◆ **Directions for this task**
Everything in the listing should be set down exactly, apart from the pictures.

◆ **Data**
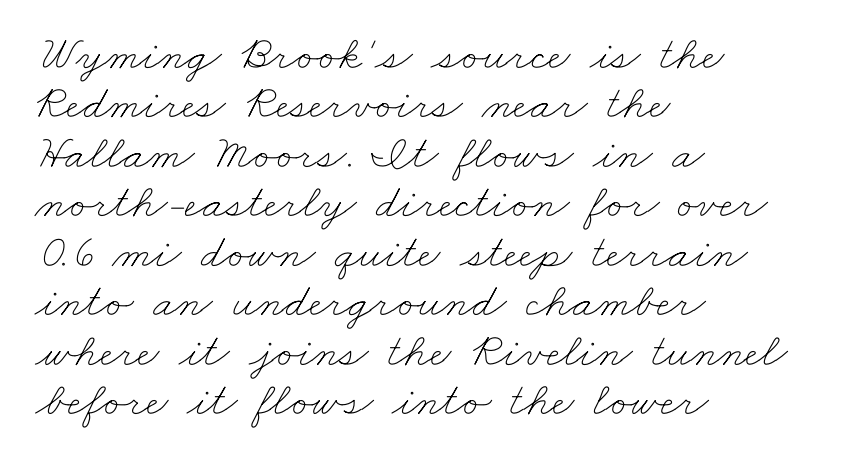
Q: Is the text bold? A: No.
Q: Is the text underlined? A: No.
Q: How is the paragraph aligned? A: Left-aligned.
Q: Is the spacing between letters normal or unusually wide? A: Normal.
Q: Is the spacing between lines tight, normal or loose? A: Tight.
Q: Width (condensed, normal, or wide)? A: Wide.
Q: Stroke contrast? A: Low.
Q: x-height? A: Small.
Q: Monospaced? A: No.

◆ **Written response**
Q: Is the text bold? A: No.
Q: Is the text underlined? A: No.
Q: How is the paragraph aligned? A: Left-aligned.
Q: Is the spacing between letters normal or unusually wide? A: Normal.
Q: Is the spacing between lines tight, normal or loose? A: Tight.
Q: Width (condensed, normal, or wide)? A: Wide.
Q: Stroke contrast? A: Low.
Q: x-height? A: Small.
Q: Monospaced? A: No.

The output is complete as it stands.